手に持つ刀を使い鉄骨のベクトルを僅かにずらし長尾を助けたのだ。
「下がって!」
「すまねぇな嬢ちゃん!」
長尾が下がったのを確認した彩は八艘の構えを取る。
普通の剣士が先程の様な事をすれば、刀は容易く折れて柘榴が2つに増えるだけだが、彩の持つ超人的集中力がそれを可能にしたのだ。

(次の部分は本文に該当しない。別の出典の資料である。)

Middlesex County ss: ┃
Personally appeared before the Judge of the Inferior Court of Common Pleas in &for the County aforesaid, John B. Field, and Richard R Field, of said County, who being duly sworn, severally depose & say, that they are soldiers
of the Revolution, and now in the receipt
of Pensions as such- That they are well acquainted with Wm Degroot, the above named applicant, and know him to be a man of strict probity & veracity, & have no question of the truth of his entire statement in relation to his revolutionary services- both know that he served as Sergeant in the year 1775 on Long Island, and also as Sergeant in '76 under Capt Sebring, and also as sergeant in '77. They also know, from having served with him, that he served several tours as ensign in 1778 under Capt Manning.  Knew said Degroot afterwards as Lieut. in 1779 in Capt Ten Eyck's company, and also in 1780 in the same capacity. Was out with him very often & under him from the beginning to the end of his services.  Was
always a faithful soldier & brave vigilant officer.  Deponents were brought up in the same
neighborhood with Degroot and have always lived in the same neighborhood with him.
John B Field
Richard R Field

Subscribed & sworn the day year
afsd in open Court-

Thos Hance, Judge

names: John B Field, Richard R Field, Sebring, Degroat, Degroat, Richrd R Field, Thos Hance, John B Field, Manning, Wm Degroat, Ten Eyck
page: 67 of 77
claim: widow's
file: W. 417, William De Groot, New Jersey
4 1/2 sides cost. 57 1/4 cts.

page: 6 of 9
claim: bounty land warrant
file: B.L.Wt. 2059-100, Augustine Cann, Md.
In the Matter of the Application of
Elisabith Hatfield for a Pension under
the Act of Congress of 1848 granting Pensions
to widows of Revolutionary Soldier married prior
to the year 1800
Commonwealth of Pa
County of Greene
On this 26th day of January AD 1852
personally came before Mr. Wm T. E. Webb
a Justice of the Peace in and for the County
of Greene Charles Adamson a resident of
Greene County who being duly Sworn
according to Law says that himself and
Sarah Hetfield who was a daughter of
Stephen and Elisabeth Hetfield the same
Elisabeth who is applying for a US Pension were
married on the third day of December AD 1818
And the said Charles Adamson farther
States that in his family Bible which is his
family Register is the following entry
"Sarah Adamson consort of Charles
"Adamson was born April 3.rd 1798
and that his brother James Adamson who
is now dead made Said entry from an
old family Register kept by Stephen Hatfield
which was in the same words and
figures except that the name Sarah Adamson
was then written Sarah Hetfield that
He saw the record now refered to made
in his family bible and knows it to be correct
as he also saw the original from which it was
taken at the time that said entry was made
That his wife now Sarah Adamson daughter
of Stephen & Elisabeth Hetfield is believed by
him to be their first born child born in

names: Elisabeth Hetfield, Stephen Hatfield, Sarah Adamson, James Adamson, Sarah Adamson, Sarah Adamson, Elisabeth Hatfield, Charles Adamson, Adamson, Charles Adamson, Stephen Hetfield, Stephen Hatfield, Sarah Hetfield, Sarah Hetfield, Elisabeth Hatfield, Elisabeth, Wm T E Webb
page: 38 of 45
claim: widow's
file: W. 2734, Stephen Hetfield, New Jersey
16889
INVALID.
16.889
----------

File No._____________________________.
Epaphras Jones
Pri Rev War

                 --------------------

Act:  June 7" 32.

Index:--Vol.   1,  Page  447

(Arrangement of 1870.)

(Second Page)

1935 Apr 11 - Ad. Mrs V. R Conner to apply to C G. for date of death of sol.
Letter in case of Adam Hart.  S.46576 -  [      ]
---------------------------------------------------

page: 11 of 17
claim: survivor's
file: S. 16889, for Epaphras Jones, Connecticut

今の彼女には世界が遅く見えていた、しかし彩の表情は優れない。
(あの鉄骨を何とかしないと、刀が先に折れてしまう)
そして巻き上げた砂塵の中から少女が姿を見せる。
再び鉄骨を振り上げたその瞬間。
ズガン!と言う音と共に鉄骨が少女の手を離れ地面に転がる。
少女の腕は衝撃で折れていた。
よく見ればいつの間にか距離を取った芹が援護射撃をしたのだ。
武器を失った少女に彩が踏み込む、迎撃しようと振るわれた左の肘を紙一重で掻い潜る、そしてその首に峰打ちする為に刀を反した瞬間、彩は信じられないものを見た。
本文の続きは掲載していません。